Distributed SGD (Experimental)
Ray includes an implementation of synchronous distributed stochastic gradient descent (SGD), which is competitive in performance with implementations in Horovod and Distributed TensorFlow.
Ray SGD is built on top of the Ray task and actor abstractions to provide seamless integration into existing Ray applications.
To use Ray SGD, define a model class:
.. autoclass:: ray.experimental.sgd.Model
Then, pass a model creator function to the
ray.experimental.sgd.DistributedSGD class. To drive the distributed training,
sgd.step() can be called repeatedly:
model_creator = lambda worker_idx, device_idx: YourModelClass() sgd = DistributedSGD( model_creator, num_workers=2, devices_per_worker=4, gpu=True, strategy="ps") for i in range(NUM_ITERS): sgd.step()
Under the hood, Ray SGD will create replicas of your model onto each hardware device (GPU) allocated to workers (controlled by
num_workers).
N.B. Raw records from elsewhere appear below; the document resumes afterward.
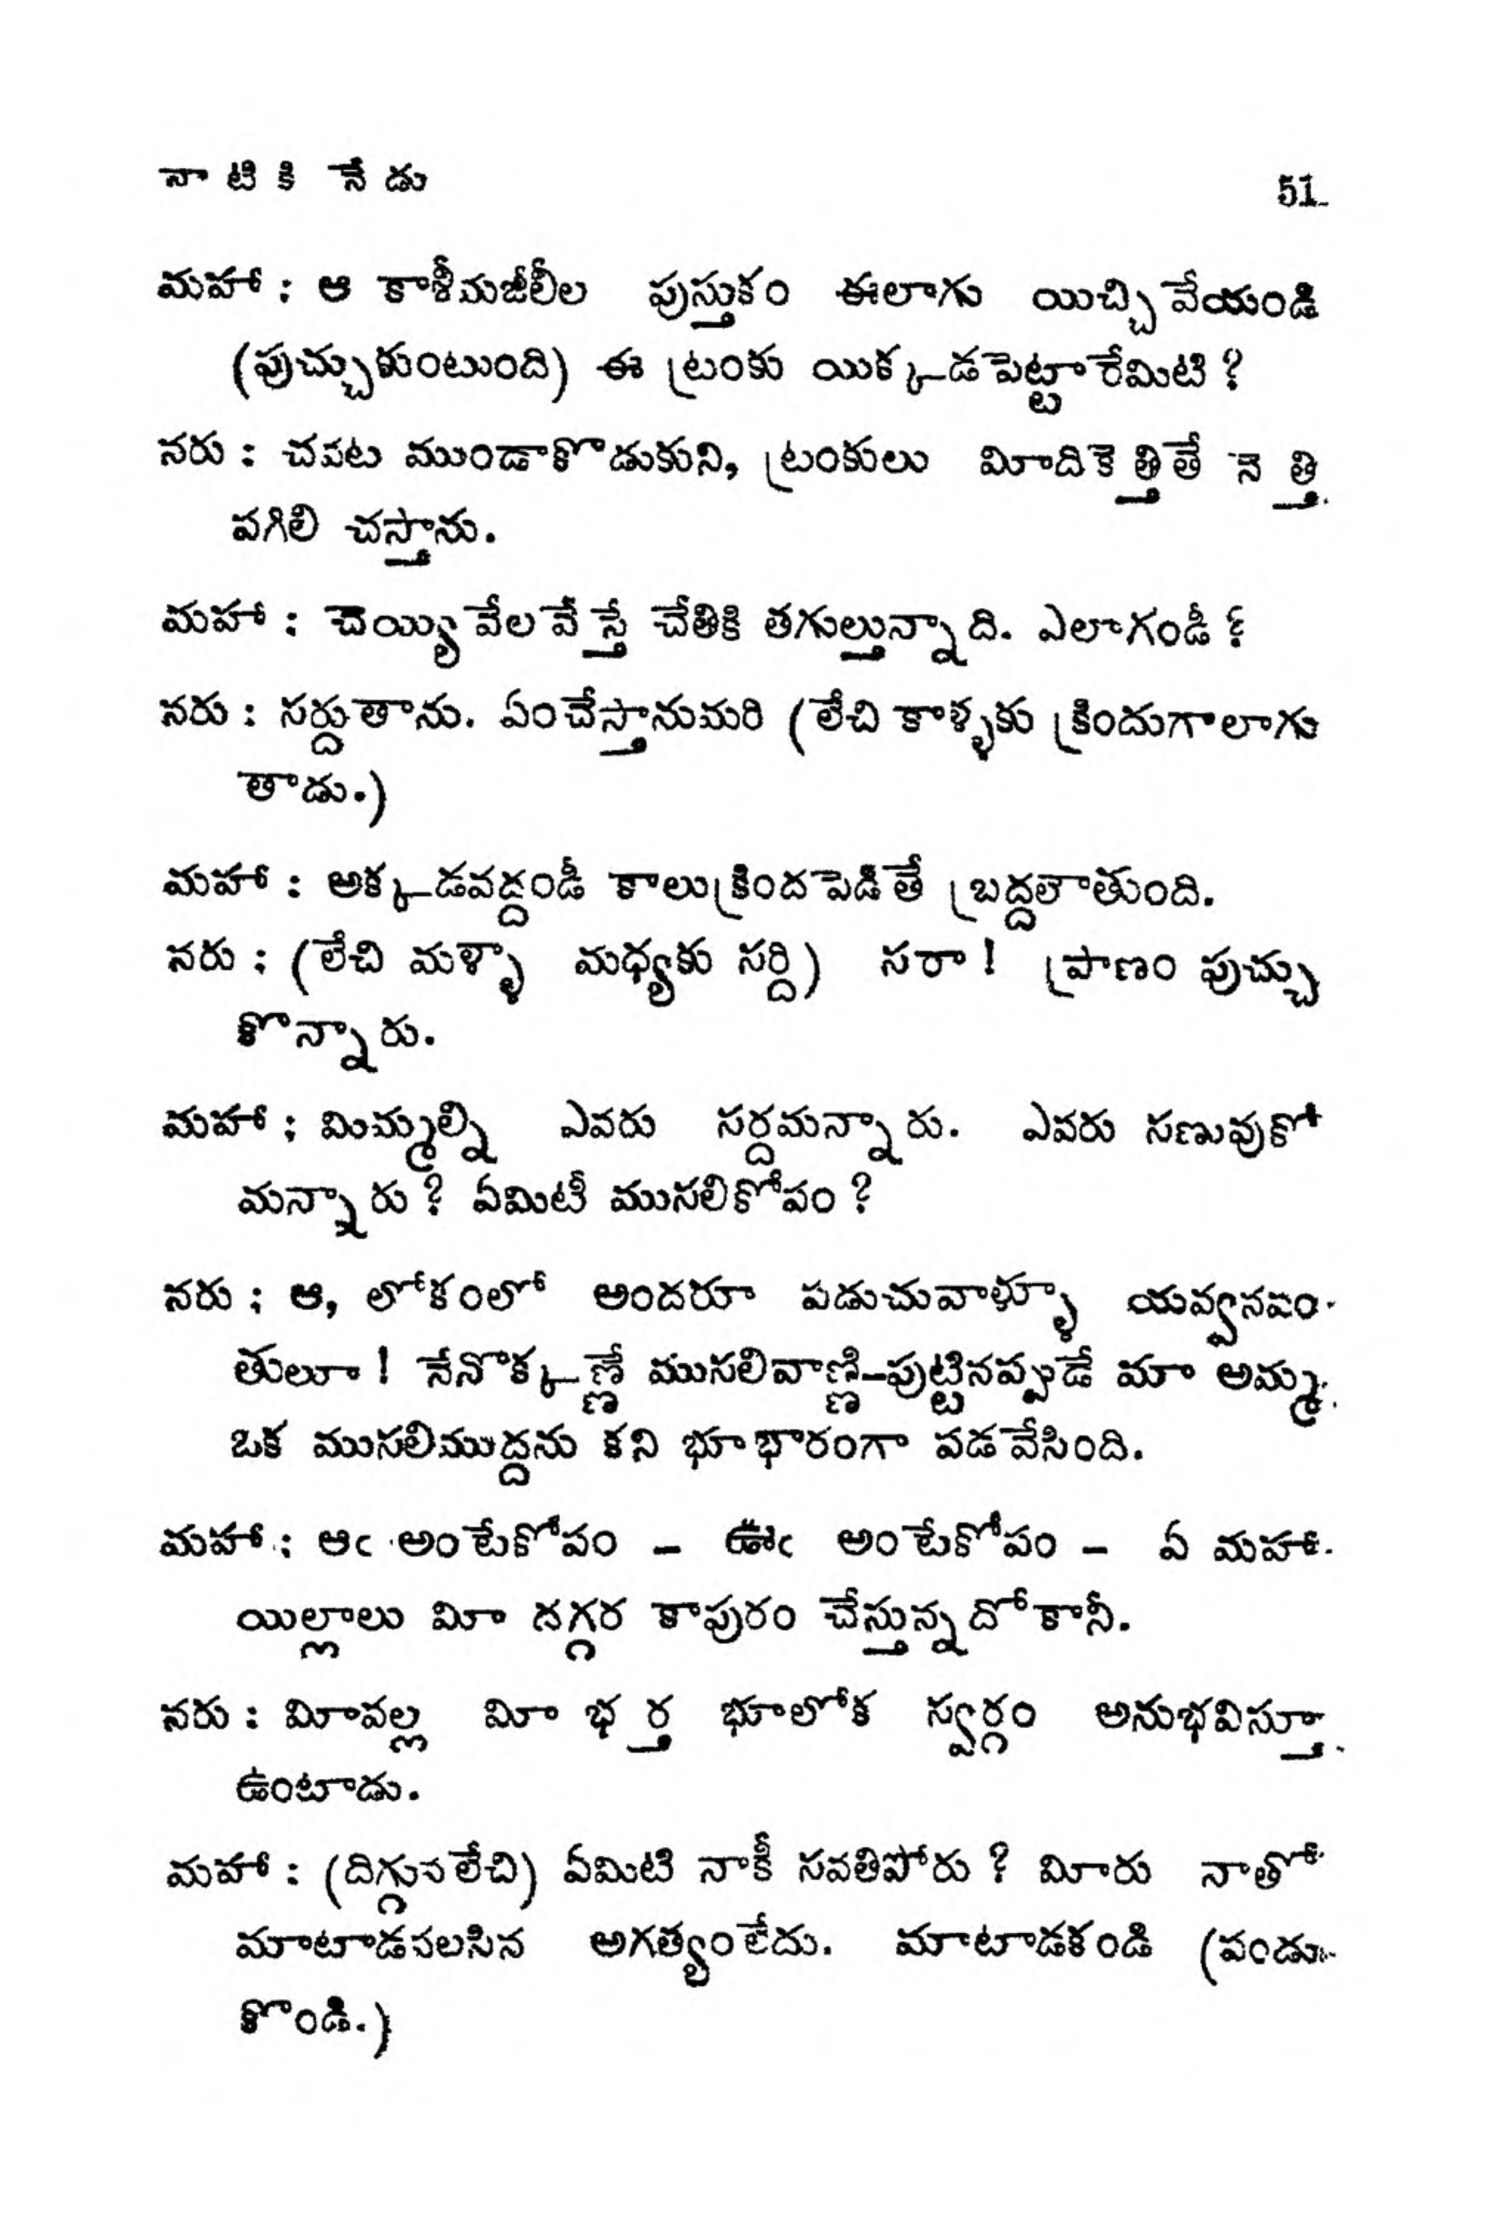మహా : ఆ కాశీమజీలీల పుస్తుకం ఈలాగు యిచ్చి వేయండి (పుచ్చుకుంటుంది) ఈ ట్రంకు యిక్కడపెట్టారేమిటి ?

నరు : చవట ముండాకొడుకుని, ట్రంకులు మీదికెత్తితే నెత్తిపగిలి చస్తాను.

మహా : చెయ్యివేలవేస్తే చేతికి తగుల్తున్నాది. ఎలాగండీ ?

నరు : సర్దుతాను. ఏంచేస్తానుమరి (లేచి కాళ్ళకు క్రిందుగాలాగుతాడు.)

మహా : అక్కడవద్దండీ కాలుక్రిందపెడితే బ్రద్దలౌతుంది.

నరు : (లేచి మళ్ళా మధ్యకు సర్ది) సరా! ప్రాణం పుచ్చుకొన్నారు.

మహా : మిమ్మల్ని ఎవరు సర్దమన్నారు. ఎవరు సణువుకోమన్నారు? ఏమిటీ ముసలికోపం?

నరు : ఆ, లోకంలో అందరూ పడుచువాళ్ళూ యవ్వనవంతులూ! నేనొక్కణ్ణే ముసలివాణ్ణి - పుట్టినప్పుడే మా అమ్మ 
ఒక ముసలిముద్దను కని భూభారంగా పడవేసింది.

మహా : ఆఁ అంటే కోపం - ఊఁ అంటే కోపం - ఏ మహాయిల్లాలు మీ దగ్గర కాపురం చేస్తున్నదోకానీ.

నరు : మీవల్ల మీ భర్త భూలోక స్వర్గం అనుభవిస్తూ ఉంటాడు.

మహా : (దిగ్గున లేచి) ఏమిటి నాకీ సవతిపోరు? మీరు నాతో' మాటాడవలసిన అగత్యం లేదు. మాటాడకండి (పండుకొండి.)

Multiple devices can be managed by each worker process (controlled by
devices_per_worker). Each model instance will be in a separate TF variable scope. The
DistributedSGD class coordinates the distributed computation and application of gradients to improve the model.
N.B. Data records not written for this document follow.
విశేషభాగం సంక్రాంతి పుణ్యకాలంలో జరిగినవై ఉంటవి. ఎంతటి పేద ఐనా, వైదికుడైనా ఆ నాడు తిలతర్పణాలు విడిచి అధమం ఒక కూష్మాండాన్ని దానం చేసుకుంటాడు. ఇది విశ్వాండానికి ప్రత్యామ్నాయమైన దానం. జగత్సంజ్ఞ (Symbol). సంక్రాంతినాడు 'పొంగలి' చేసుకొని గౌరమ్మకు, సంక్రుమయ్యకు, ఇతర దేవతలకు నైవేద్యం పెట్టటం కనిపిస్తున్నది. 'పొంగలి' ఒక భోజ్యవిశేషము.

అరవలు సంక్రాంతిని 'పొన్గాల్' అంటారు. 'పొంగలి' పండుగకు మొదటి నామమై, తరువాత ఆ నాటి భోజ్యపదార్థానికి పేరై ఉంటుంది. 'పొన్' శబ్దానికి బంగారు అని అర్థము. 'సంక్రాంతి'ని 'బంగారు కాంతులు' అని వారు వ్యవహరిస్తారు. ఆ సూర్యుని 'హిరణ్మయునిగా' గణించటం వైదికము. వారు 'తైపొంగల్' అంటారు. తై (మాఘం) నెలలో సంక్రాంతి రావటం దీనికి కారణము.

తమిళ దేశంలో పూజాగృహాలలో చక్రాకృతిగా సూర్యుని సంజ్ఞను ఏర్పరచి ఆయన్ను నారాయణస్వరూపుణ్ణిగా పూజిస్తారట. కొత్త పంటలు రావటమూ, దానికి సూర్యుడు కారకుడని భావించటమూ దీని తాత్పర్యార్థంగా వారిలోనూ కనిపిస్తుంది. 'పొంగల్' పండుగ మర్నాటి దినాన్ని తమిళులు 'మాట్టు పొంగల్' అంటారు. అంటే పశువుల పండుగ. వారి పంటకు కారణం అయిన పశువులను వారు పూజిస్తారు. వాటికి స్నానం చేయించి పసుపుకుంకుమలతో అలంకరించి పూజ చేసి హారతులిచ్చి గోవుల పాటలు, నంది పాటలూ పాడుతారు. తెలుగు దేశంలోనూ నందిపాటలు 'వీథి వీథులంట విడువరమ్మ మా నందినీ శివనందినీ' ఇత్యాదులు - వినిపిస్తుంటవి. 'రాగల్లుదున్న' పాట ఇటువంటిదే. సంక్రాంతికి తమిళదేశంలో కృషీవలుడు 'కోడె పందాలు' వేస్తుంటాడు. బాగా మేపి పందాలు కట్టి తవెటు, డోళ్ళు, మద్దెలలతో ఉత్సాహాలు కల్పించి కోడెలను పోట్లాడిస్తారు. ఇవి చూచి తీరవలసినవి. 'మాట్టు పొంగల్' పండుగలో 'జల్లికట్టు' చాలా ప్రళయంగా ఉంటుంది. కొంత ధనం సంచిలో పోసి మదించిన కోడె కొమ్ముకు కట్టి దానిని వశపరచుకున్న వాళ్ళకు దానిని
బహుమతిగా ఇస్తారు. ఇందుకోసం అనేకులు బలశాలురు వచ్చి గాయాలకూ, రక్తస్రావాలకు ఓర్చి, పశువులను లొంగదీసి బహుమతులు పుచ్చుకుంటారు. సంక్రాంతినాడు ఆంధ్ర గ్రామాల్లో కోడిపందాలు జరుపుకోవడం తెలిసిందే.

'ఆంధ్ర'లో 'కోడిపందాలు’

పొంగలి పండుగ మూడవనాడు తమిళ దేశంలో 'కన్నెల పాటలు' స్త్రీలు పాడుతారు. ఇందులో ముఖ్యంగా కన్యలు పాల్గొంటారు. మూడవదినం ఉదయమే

- There are two distributed SGD strategies available for use:
strategy="simple": Gradients are averaged centrally on the driver before being applied to each model replica. This is a reference implementation for debugging purposes.
strategy="ps": Gradients are computed and averaged within each node. Gradients are then averaged across nodes through a number of parameter server actors. To pipeline the computation of gradients and transmission across the network, we use a custom TensorFlow op that can read and write to the Ray object store directly.
Note that when
num_workers=1, only local allreduce will be used and the choice of distributed strategy is irrelevant.
The full documentation for
DistributedSGD is as follows:
.. autoclass:: ray.experimental.sgd.DistributedSGD
For examples of end-to-end usage, check out the ImageNet synthetic data test and also the simple MNIST training example, which includes examples of how access the model weights and monitor accuracy as training progresses.
When using the new Ray backend (which will be enabled by default in Ray 0.6+), we expect performance competitive with other synchronous SGD implementations on 25Gbps Ethernet.